Foi sempre uma voz muito presente no espaço público, que contribuiu bastante para a difusão de uma cultura de segurança e defesa em Portugal. Espero que o seu legado continue sempre bem vivo no Exército e na sua terra natal de Sabrosa, onde existe um arquivo aberto ao público com o seu nome", escreveu o presidente do parlamento, numa nota enviada à agência Lusa.

Ferro Rodrigues recordou o ex-ministro da Defesa Nacional e Chefe do Estado-Maior do Exército como um homem "muito respeitado pelos seus pares e muito admirado pelos portugueses, endereçando à família, aos amigos e ao Exército Português as suas condolências, em nome da Assembleia da República.

Morreu "um grande chefe militar e um exemplo ético para todos"

O ministro da Defesa lamentou hoje a morte do general Loureiro dos Santos, considerando-o "um grande chefe militar e um exemplo ético para todos".

Na sua conta na rede social Twitter, João Gomes Cravinho escreveu que o general Loureiro dos Santos foi uma "figura de referência ímpar no pensamento militar em Portugal" e que "foi fundamental para a transição das Forças Armadas no regime democrático".

Recebi com pesar a notícia do falecimento do General Loureiro dos Santos", acrescenta o ministro da Defesa.

Em comunicado, o Ministério da Defesa lamenta, igualmente, a morte do general Loureiro dos Santos, considerando-o "uma referência incontornável" para as Forças Armadas e para a sociedade portuguesa, que transcende o Exército.

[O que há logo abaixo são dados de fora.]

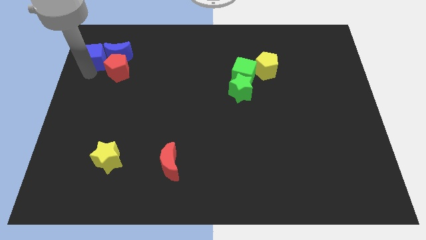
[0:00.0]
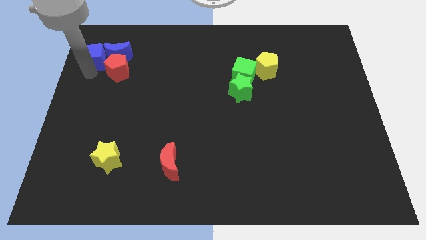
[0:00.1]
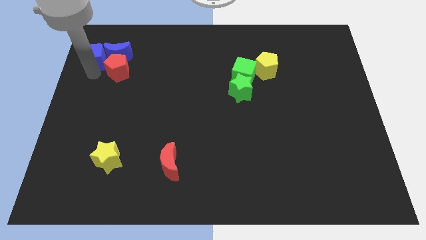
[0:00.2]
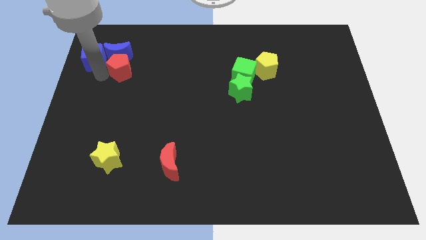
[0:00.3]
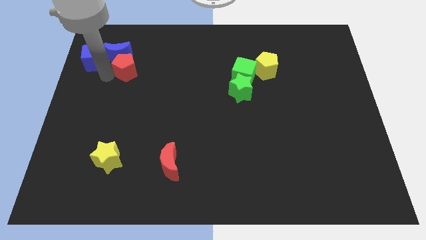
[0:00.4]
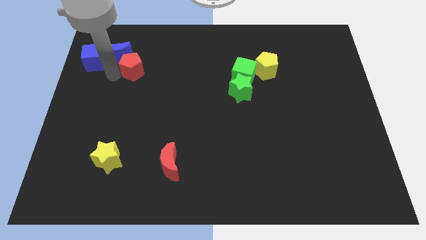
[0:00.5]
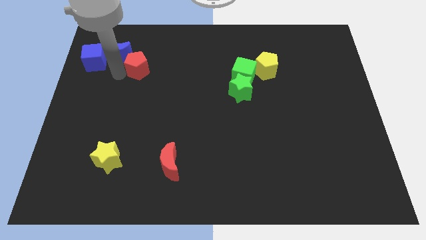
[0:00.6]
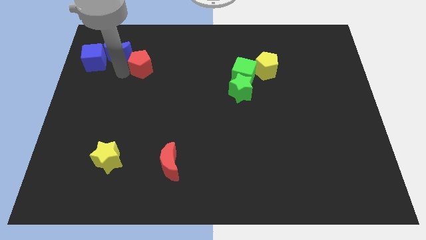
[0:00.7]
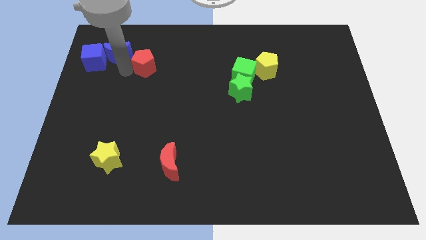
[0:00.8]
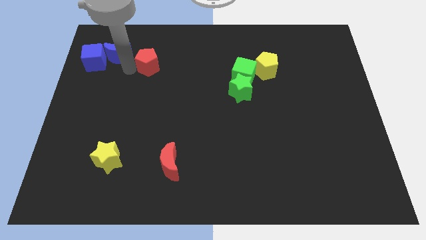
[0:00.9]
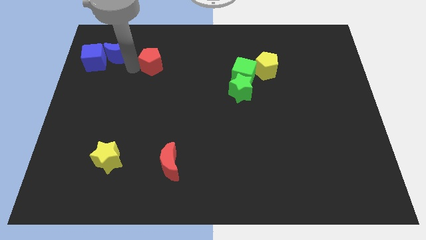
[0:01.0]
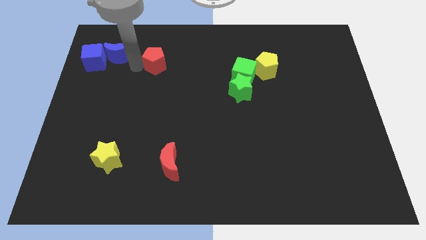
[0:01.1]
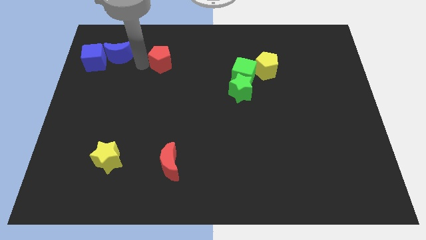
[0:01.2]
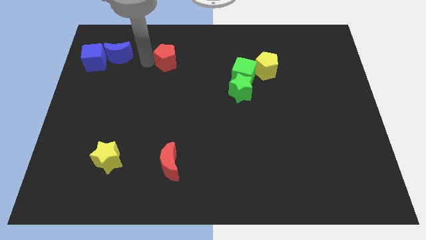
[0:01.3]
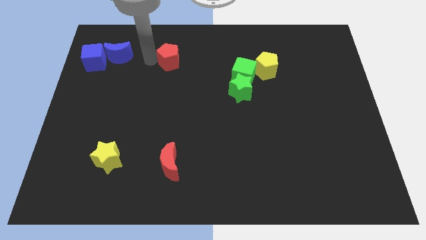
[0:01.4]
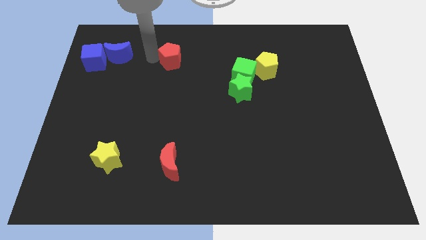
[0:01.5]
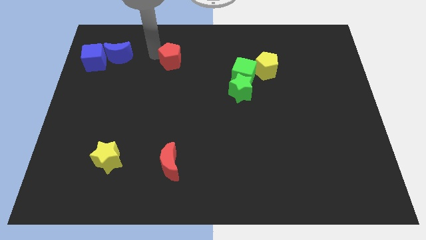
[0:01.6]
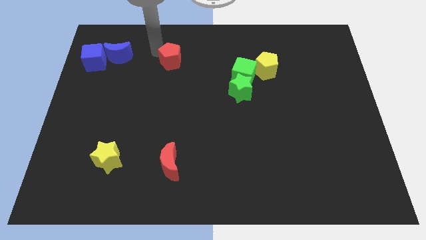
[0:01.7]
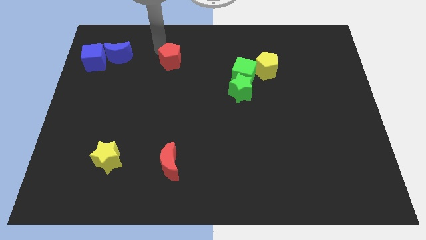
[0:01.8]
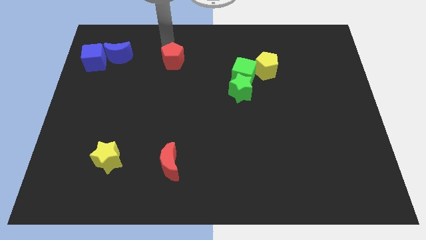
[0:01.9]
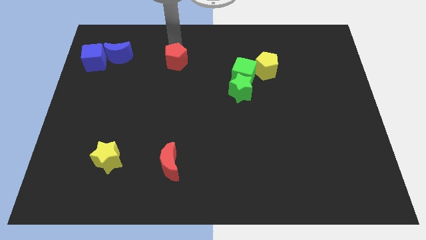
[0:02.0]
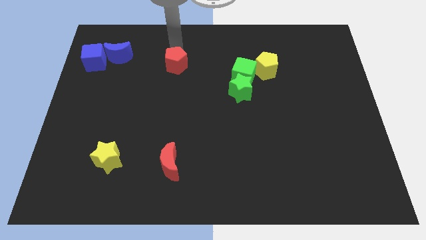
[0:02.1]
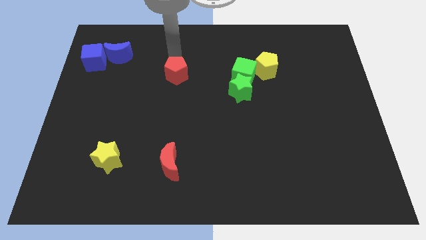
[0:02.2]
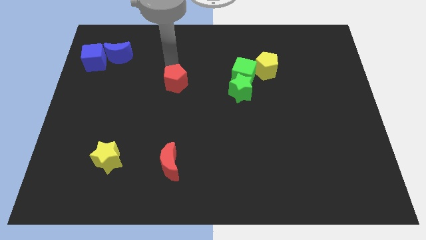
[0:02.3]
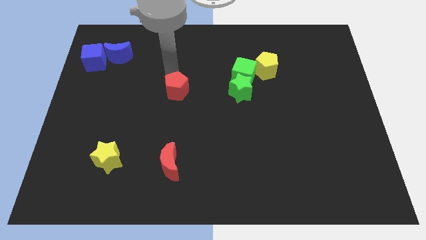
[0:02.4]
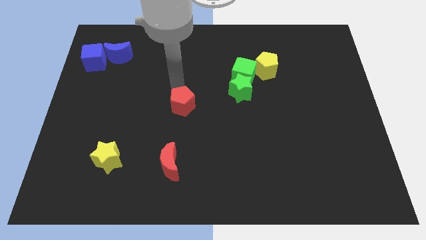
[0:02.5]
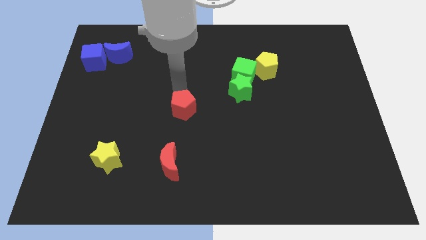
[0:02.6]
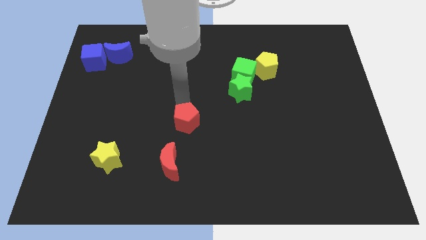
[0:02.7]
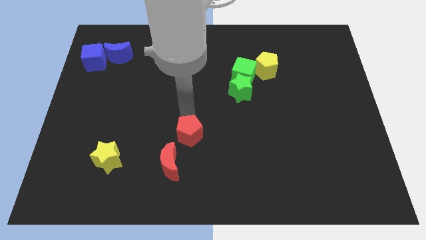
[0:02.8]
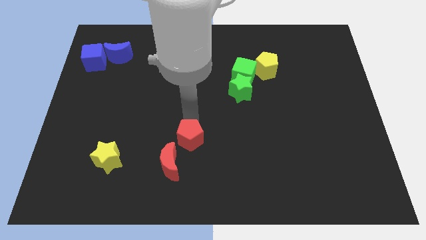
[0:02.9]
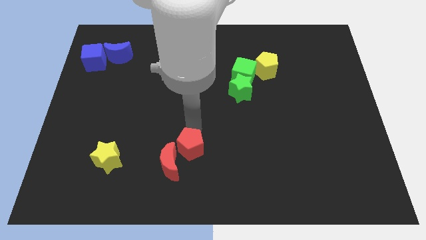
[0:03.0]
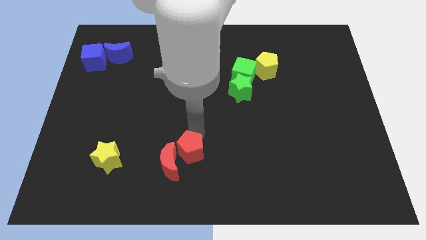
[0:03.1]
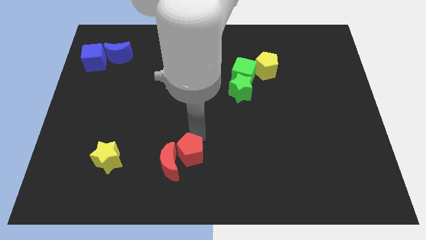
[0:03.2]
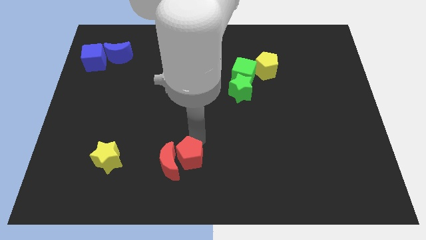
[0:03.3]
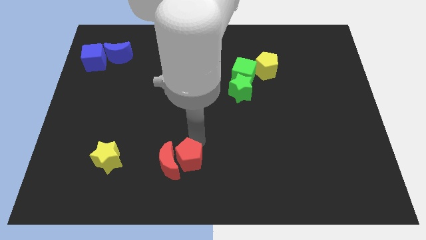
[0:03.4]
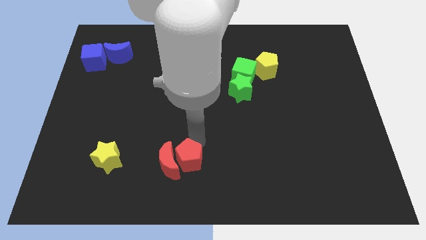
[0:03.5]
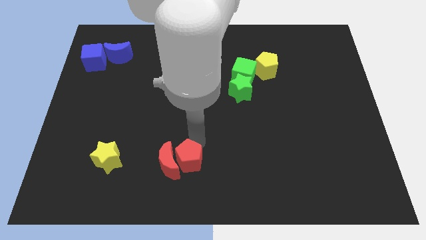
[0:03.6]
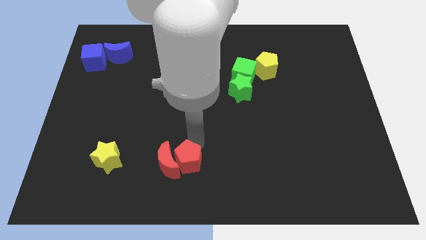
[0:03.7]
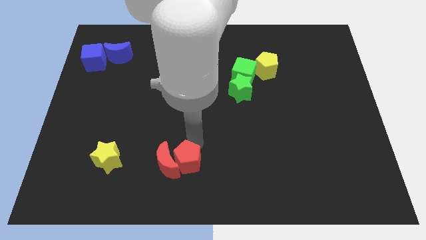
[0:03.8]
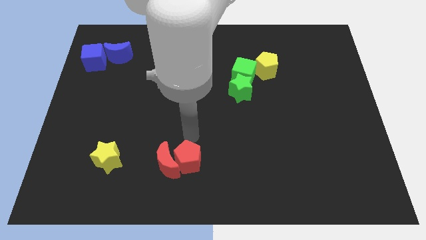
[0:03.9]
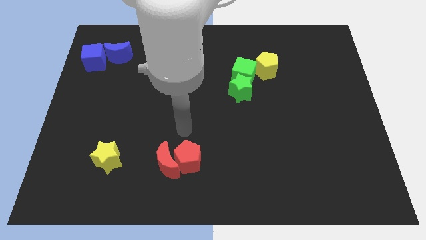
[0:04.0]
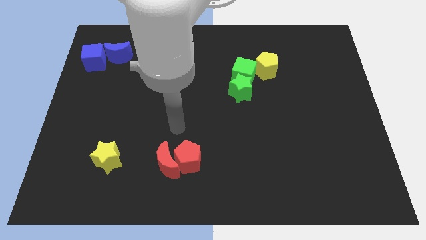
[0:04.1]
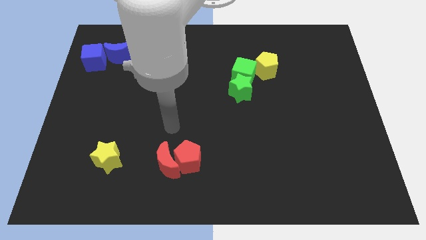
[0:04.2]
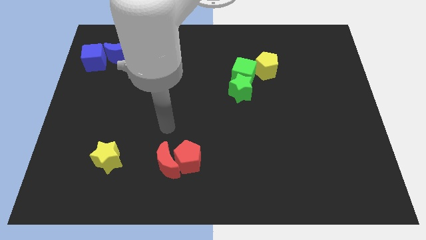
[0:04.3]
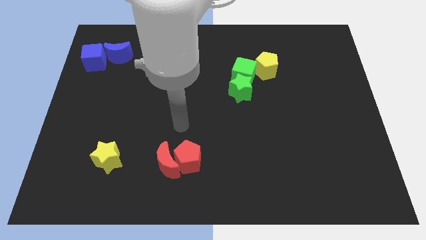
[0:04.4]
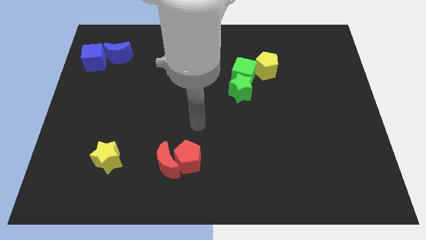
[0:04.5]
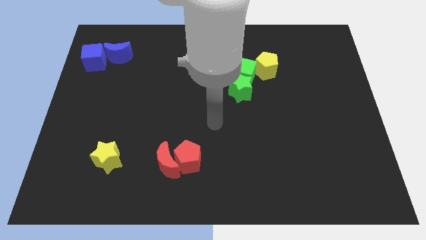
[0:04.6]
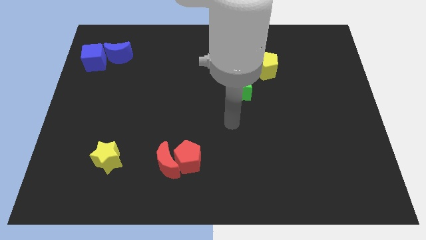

É um nome que, pelo seu reconhecimento, perdura nas nossas memórias", lê-se no comunicado do Ministério, que acrescenta que o general Loureiro dos Santos "era um líder com um grande sentido de dever, de lealdade, e de disciplina, uma referência intelectual inspiradora de uma dimensão que vai além do Exército".

Eanes perdeu um "irmão por opção"

O ex-Presidente da República António Ramalho Eanes lembrou, emocionado, o general Loureiro dos Santos, seu "irmão por opção", sublinhando a sua personalidade "de excelência", como militar e académico, e como "exemplo ético".

Ramalho Eanes recordou e elogiou o percurso do antigo ministro da Defesa e ex-Chefe do Estado-Maior do Exército (CEME), "o seu propósito de excelência", como "aluno, professor, como militar, nas suas missões e nas funções que resolveu exercer", e o seu "exemplo ético".

O "exemplo ético", disse, manifestou-o Loureiro dos Santos ao deixar o cargo de CEME, por causa da chamada "lei dos coronéis", que impunha a reforma antecipada de dezenas de oficiais.

"Entendeu que, para continuar, tinha que trair a confiança dos seus homens. Por isso, entendeu não continuar", afirmou o ex-presidente, em declarações à Lusa e à RTP, na sua residência, em Lisboa.

Ramalho Eanes citou palavras de Loureiro dos Santos, numa biografia da autoria da jornalista Luísa Meireles, em que o considerou "irmão por opção".

Para mim, ele é também é assim uma espécie de irmão por opção".